Rewrite $\sum_{n\ge0}{z^{kn}}$ to $\sum_{n\ge0}{f(n,k)z^n}$

Question

In the simplest case: $\sum_{n\ge0}{z^{2n}}=\sum_{n\ge0}{\frac12((-1)^n+1)z^n}$.

How to express $f(n,k)$ in closed form? If it's intractable, how to avoid piecewise expression?

Answer 1

$$f(n,k)=\mathbf 1_{k\mid n}=\frac1k\sum_{j=1}^k\cos(2jn\pi/k)$$

Here goes an explanation: the crucial tool here is the complex number $$\zeta=\mathrm e^{2\mathrm i\pi/k}=\cos(2\pi/k)+\mathrm i\sin(2\pi/k),$$ known as the $k$th primitive root of unity.
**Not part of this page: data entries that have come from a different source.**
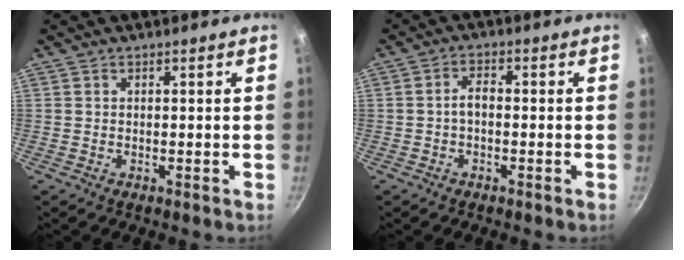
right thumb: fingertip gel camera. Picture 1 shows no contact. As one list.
[{"total": 2.6, "force": [-0.7, 1.4, 2.1], "torque": [-0.037, 0.019, -0.016]}]
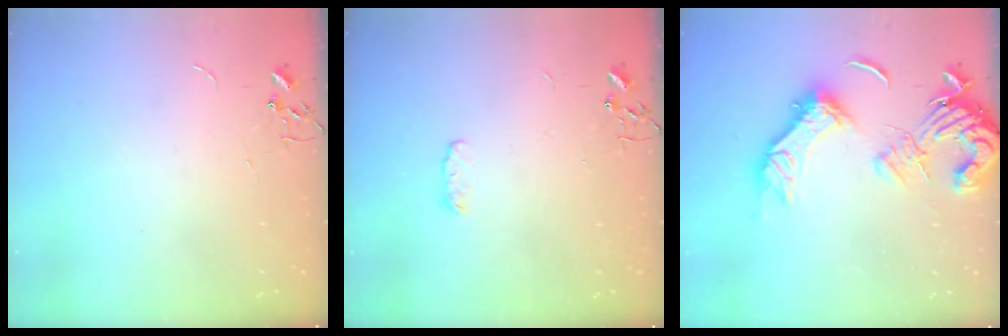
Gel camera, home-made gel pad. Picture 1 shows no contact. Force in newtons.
{"total": 4.2, "press": 4.1, "slide": 0.6}
{"total": 17.9, "press": 17.8, "slide": 2.3}
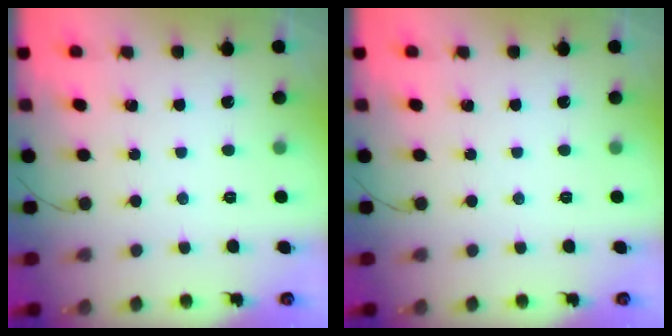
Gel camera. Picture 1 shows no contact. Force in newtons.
{"total": 0.0}
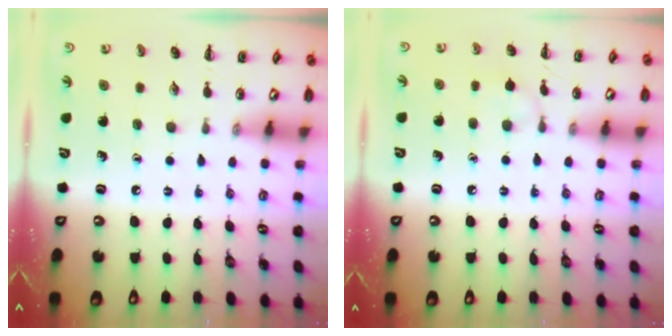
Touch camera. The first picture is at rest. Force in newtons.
{"total": 6.2, "press": 6.0, "slide": 1.7}
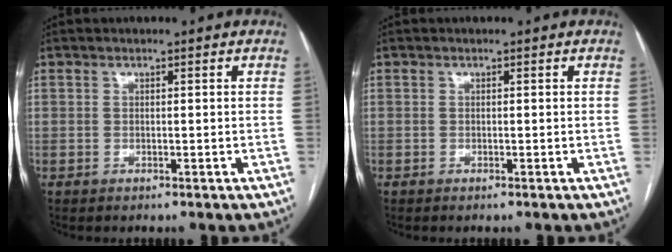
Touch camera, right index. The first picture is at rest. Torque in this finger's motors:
{"motor_torque": [0.16, 0.10, -0.02, -0.01]}
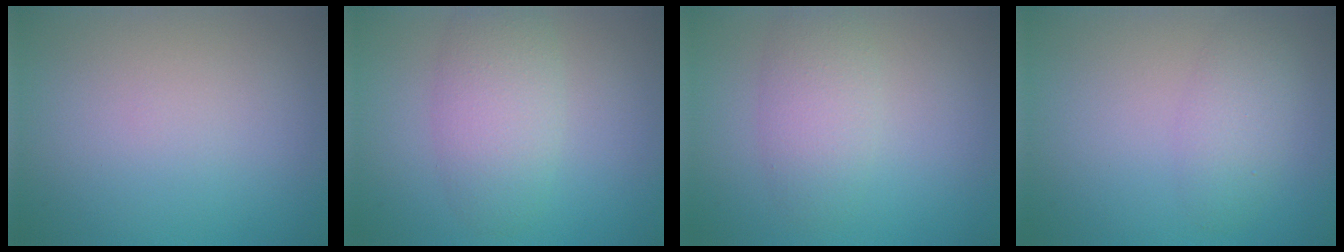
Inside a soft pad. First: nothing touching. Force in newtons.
{"total": 2.7, "press": 2.7, "slide": 0.3}
{"total": 3.1, "press": 3.1, "slide": 0.1}
{"total": 2.5, "press": 2.5, "slide": 0.0}
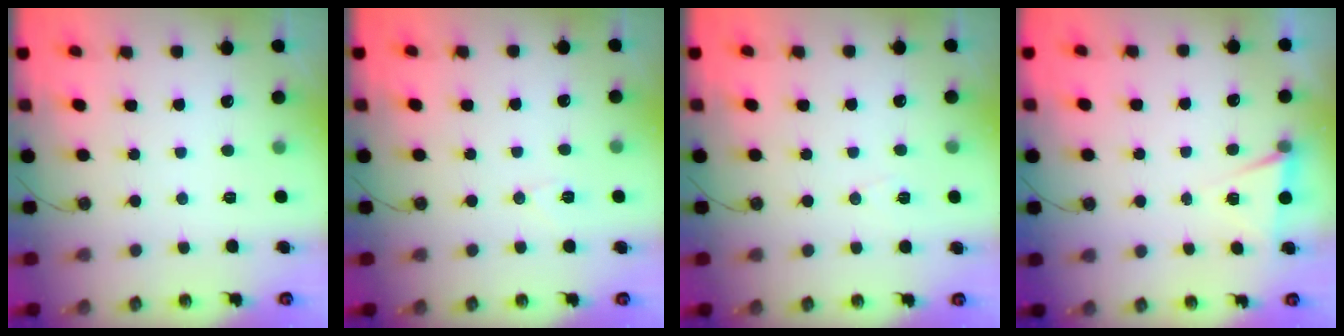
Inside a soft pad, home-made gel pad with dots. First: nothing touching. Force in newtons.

You may already be aware of the fact that $$\zeta+\zeta^2+\cdots+\zeta^k=0,$$ since, for example, the LHS is, by the usual formula for geometric sums with ratio different from $1$, $$\zeta\frac{1-\zeta^k}{1-\zeta}=0.$$ Likewise, let us evaluate, for some integer $n$, the sum $$\zeta^n+\zeta^{2n}+\cdots+\zeta^{kn}.$$ Either $\zeta^n=1$, then the sum is $k$. Or $\zeta^n\ne1$, then the same argument as before shows that it is $$\zeta^n\frac{1-\zeta^{kn}}{1-\zeta^n}=0,$$ since $\zeta^{kn}=(\zeta^k)^n=1^n=1$. The first case happens when $k\mid n$, the second case for every other $n$. Considering the real parts yields the formula above, since $\Re(\zeta^{jn})=\cos(2jn\pi/k)$ for every $j$.

All these arguments are (basics from) discrete Fourier theory. Needless to say, they apply to your other question as well.

Answer 2

Try $$ f(n,k)=\left\lfloor\frac{n}{k}-\Big\lfloor\frac{n-1}{k}\Big\rfloor \right\rfloor $$